Sabtu, November 9, 2024

Etika digital harus jadi pegangan berselancar di dunia digital

Must read

Lalulintas informasi di era digital hadir dengan begitu cepat dan dengan mudah dapat dikonsumsi oleh masyarakat luas. Dalam konteks masyarakat digital, seseorang bisa menjadi produsen informasi, sekaligus dapat menjadi konsumen informasi. Tentunya fleksibilitas tersebut dalam kehidupan era digital memberi implikasi positif dan negatif.

”Implikasi positif dari kemajuan era digital dapat dilihat dari terbentuknya komunikasi massal melalui beragam aplikasi media sosial di level lokal, nasional dan internasional,” ujar Evi Sopandi saat menjadi narasumber webinar literasi digital yang digelar Kementerian Komunikasi dan Informatika (Kominfo) untuk masyarakat Kabupaten Klaten, Jawa Tengah, Selasa (2/11/2021).

Sedangkan Implikasi negatif dari kemajuan era digital, lanjut Evi, juga memicu berbagai bahaya seperti: maraknya kejahatan virtual seperti hacking/pencurian data penting yang merugikan banyak orang, penipuan online, penyebaran berita hoaks, ujaran kebencian, konten pornografi yang meresahkan, dan informasi negatif lainnya yang belum tentu kebenarannya yang dapat menjadi daya rusak persatuan bangsa.

”Dalam konteks inilah, wacana etika digital menjadi penting untuk dibahas, bagaimana dan dengan cara apa etika digital dapat ditingkatkan dan kembangkan? Supaya kita dapat memproteksi diri kita dari bahaya dunia digital,” ungkap peneliti madya Pulitbang Pendidikan Agama dan Keagamaan Kemenag RI itu.

Menurut Evi, etika yang berasal dari bahasa Yunani ethikos secara terminologis Etika artinya: penggunaaan, karakter, kebiasaan, kecenderungan dan sikap. Dalam bahasa Yunani kuno ethos (bentuk tunggal) artinya kebiasaan, adat, akhlak, watak perasaan.

”Jadi, intinya etika adalah nilai-nilai atau norma-norma moral yang menjadi pegangan seseorang atau suatu kelompok dalam mengatur tingkah lakunya. Etika merupakan kumpulan asas atau nilai moral, misalnya kode etik,” jelas Evi Sopandi kepada 300-an partisipan webinar.

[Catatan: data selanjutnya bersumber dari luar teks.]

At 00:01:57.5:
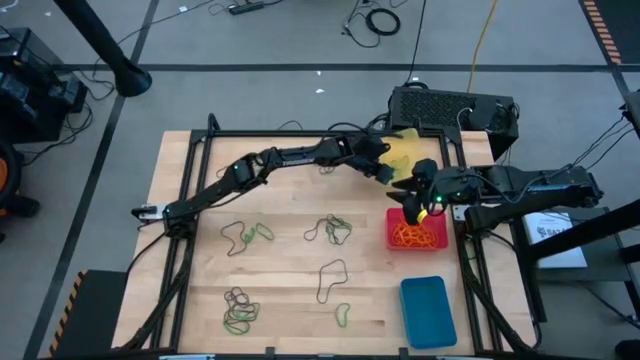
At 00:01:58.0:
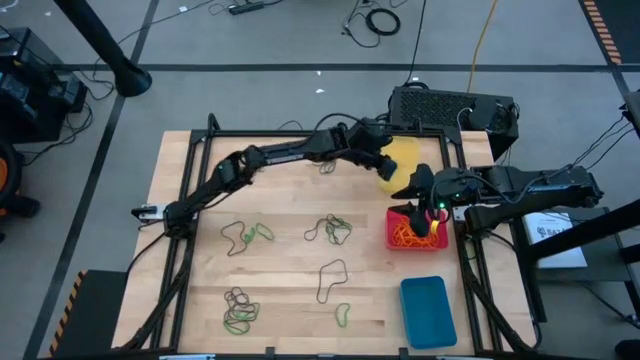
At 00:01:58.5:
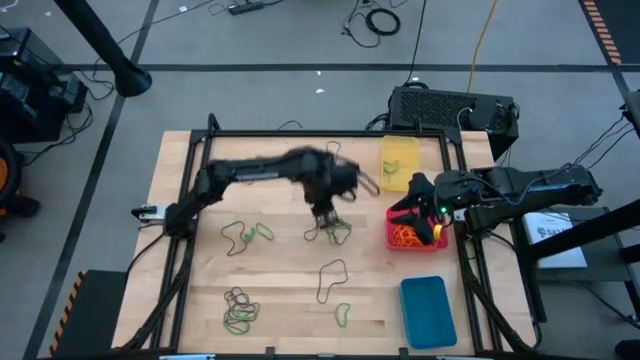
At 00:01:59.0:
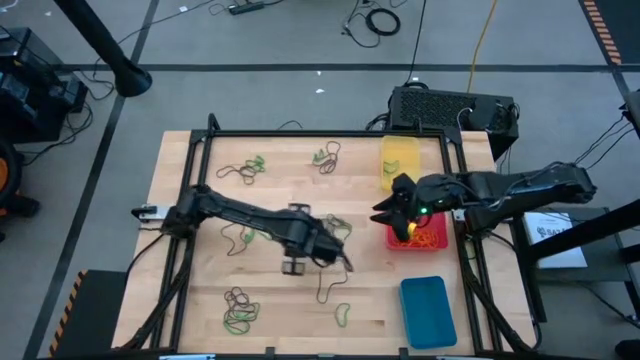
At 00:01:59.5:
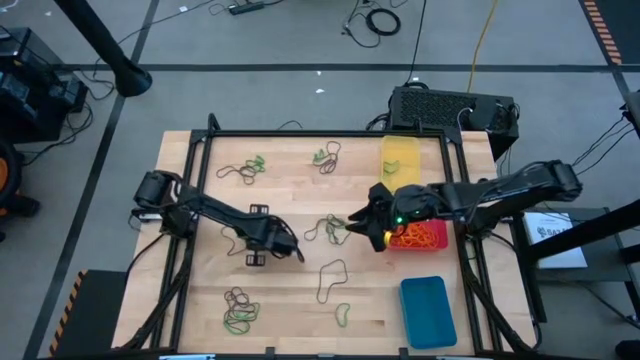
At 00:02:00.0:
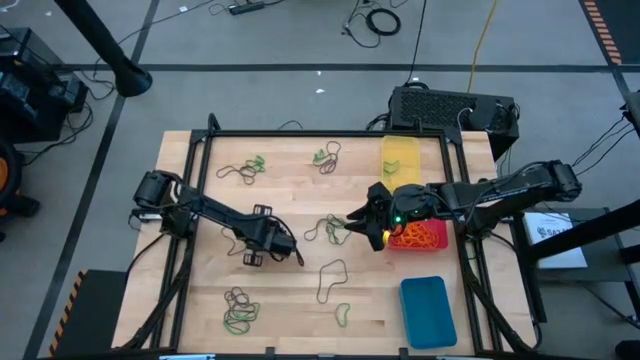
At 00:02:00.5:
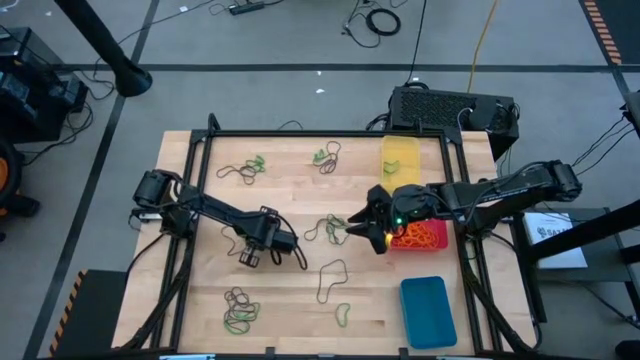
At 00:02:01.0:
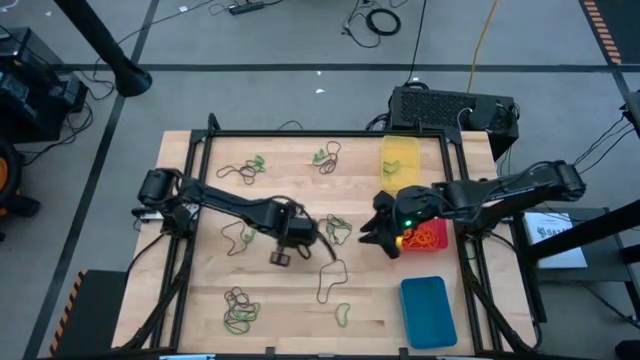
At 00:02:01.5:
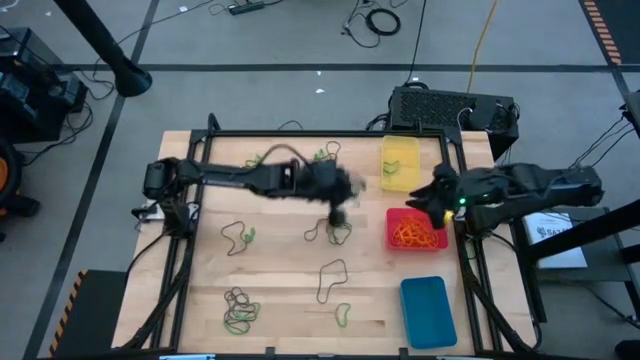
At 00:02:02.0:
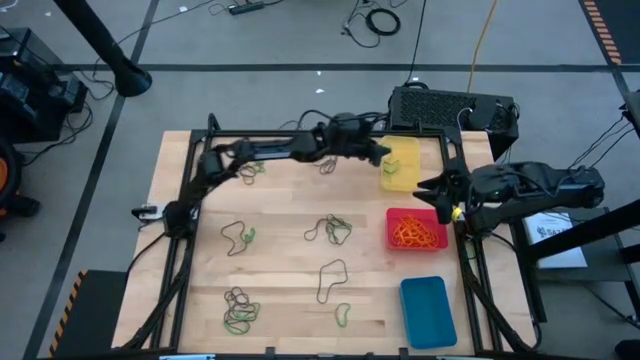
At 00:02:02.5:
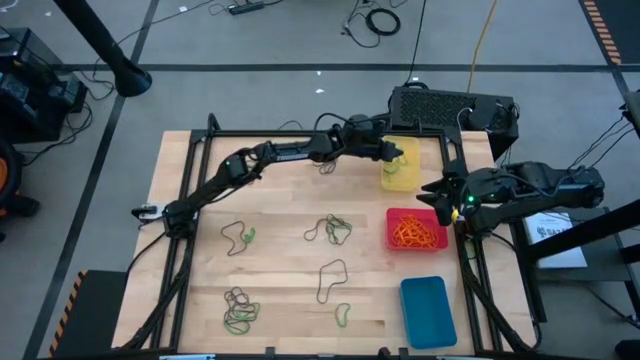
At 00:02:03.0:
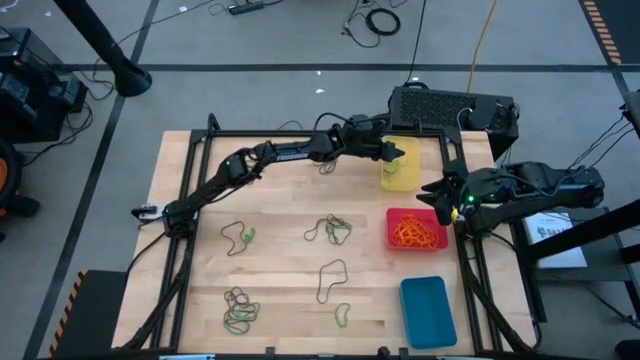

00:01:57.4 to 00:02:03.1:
Put the green rubber band into the yellow bin

Bagi Evi Sopandi, etika digital adalah bijak dalam berselancar di dunia digital, khususnya dalam menggunakan media sosial, memiliki motivasi untuk membaca berita yang utuh sehingga tidak terjebak pada aktor penyebar berita hoaks, peduli dengan lingkungan sosial dan menjaga marwah identitas bangsa, serta bijaksana dalam menjalin hubungan dengan sesama, dan hubungan antar bangsa di media sosial.

”Etika digital harus jadi pegangan saat berselancar di dunia digital. Tanpa pegangan etika konsekuensinya bisa fatal. Sebab, di era digital orang bisa dengan bebas mengunggah hal apa saja, termasuk kebencian etnis, agama, dan mencoreng harga diri bangsa,” tutup Evi Sopandi.

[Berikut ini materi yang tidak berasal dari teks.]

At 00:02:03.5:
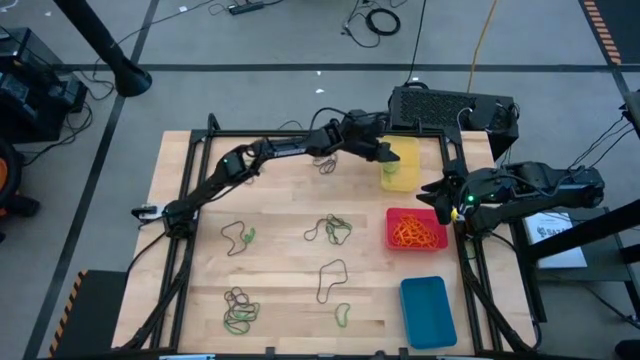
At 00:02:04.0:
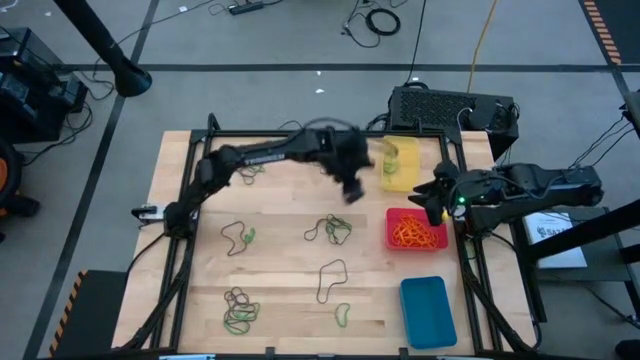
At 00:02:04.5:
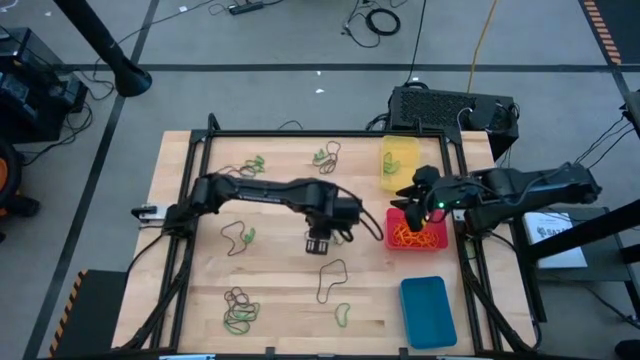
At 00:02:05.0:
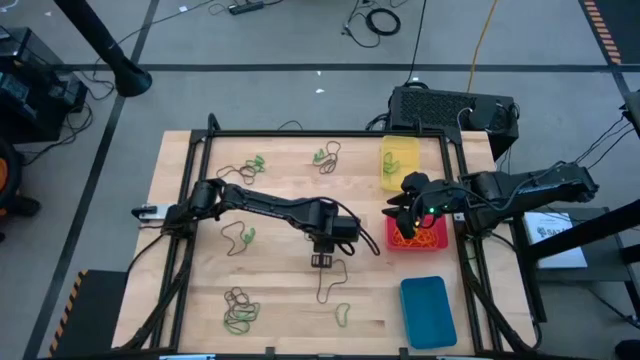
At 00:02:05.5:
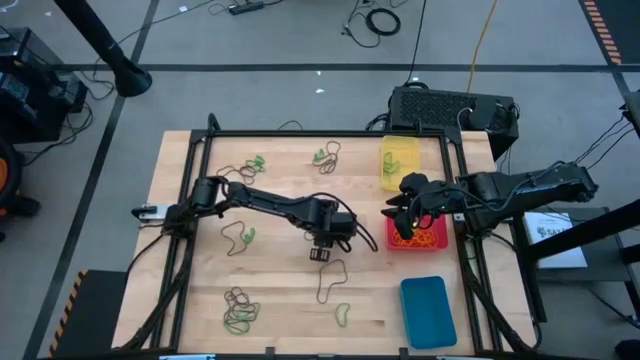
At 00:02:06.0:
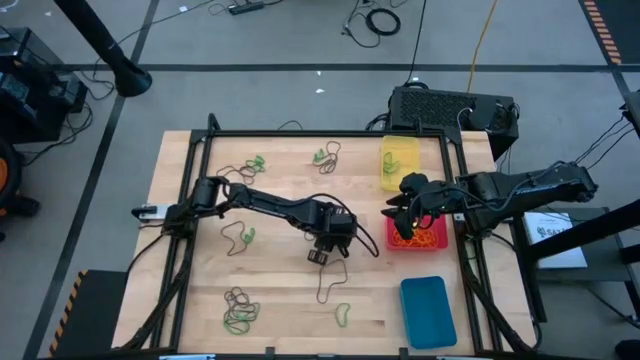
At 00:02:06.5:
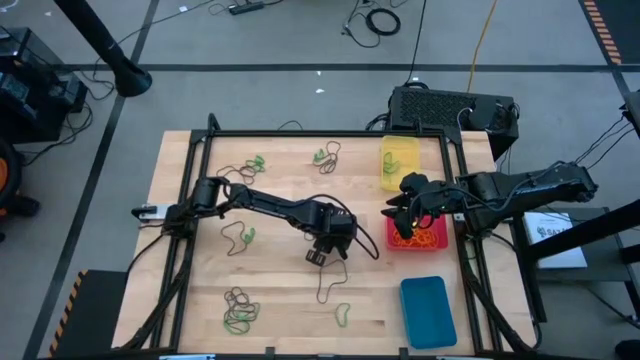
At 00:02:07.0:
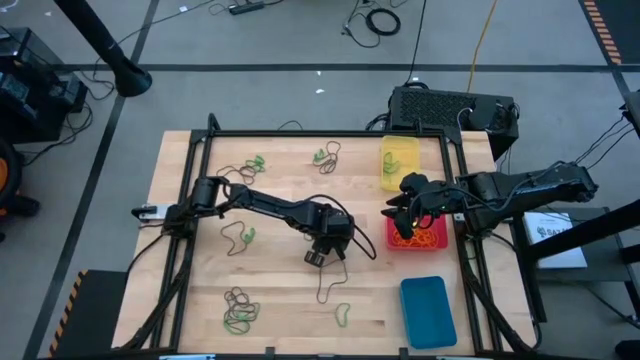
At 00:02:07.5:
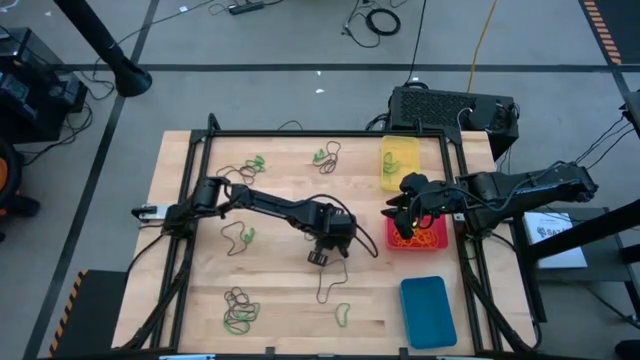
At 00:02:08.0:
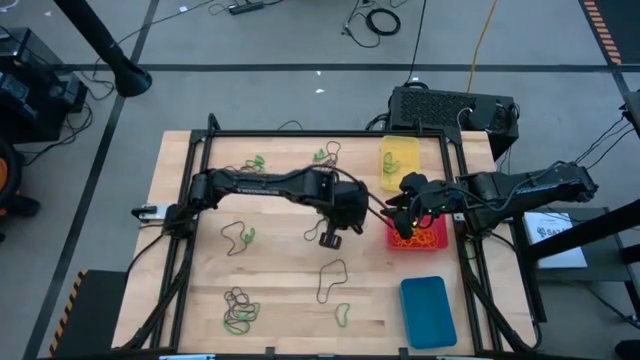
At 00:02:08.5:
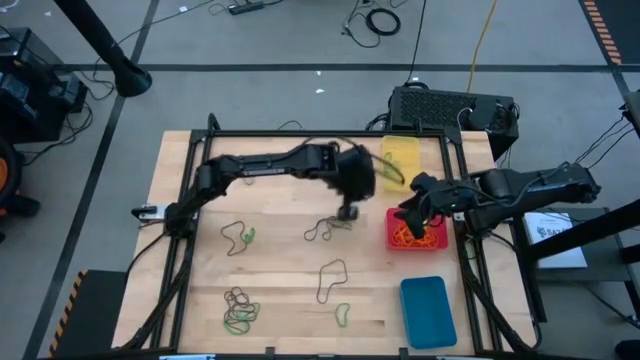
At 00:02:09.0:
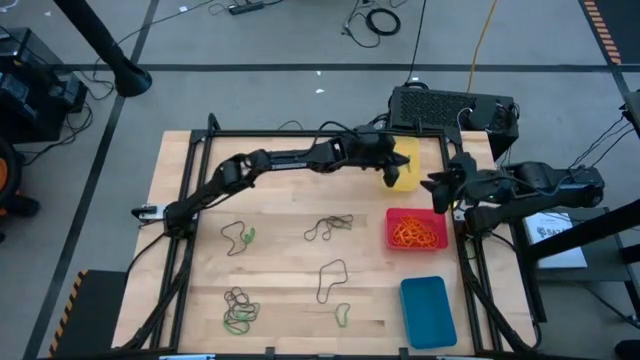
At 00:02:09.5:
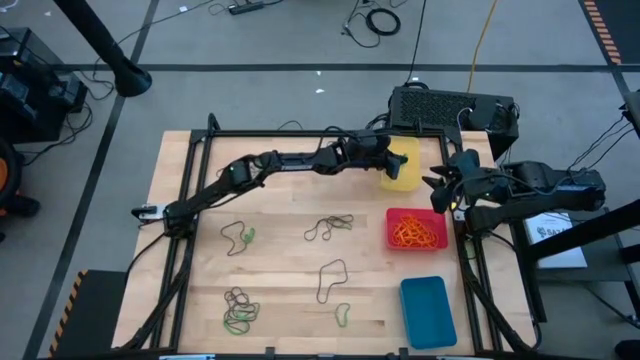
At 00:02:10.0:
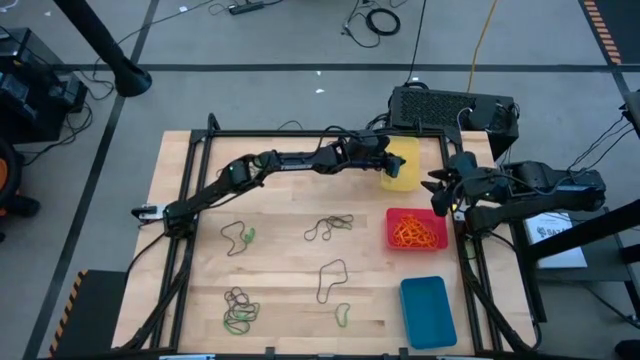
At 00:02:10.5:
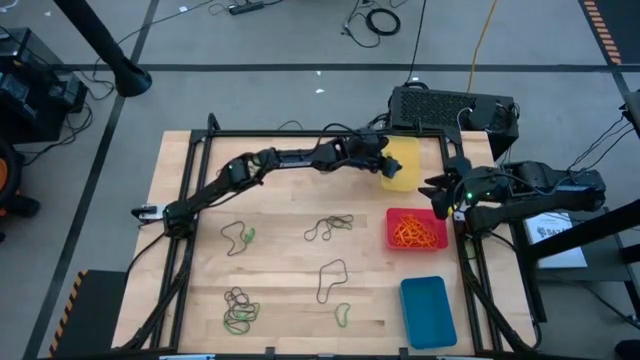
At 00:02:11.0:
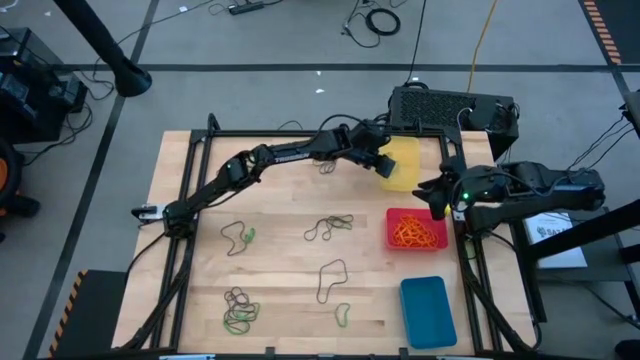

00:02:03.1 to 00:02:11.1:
Put the green rubber band into the yellow bin

Dari perspektif pilar budaya digital, guru PAI (Pendidikan Agama Islam) SDN 7 Batusari Siti Kusrini menyatakan, digital culture merupakan bentuk aktivitas masyarakat di ruang digital dengan tetap memiliki wawasan kebangsaan, nilai-nilai Pancasila dan kebhinnekaan.

Saat ini, kata Siti, penggunaan internet telah mengubah gaya hidup dan pendapat orang secara signifikan dalam beberapa cara. Berbagai bentuk kehidupan modern tidak terlepas dari keberadaan internet, begitu juga tak berbeda dengan kebutuhan orang terhadap berbagai pengetahuan.

”Meski begitu, harus diingat bahwa tidak ada sistem yang 100 persen aman. Semuanya memiliki celah yang dapat dimanfaatkan oleh orang yang tidak bertanggung jawab, sehingga mengklik link sembarangan di internet cukup berbahaya,” ungkap Siti Kusrini.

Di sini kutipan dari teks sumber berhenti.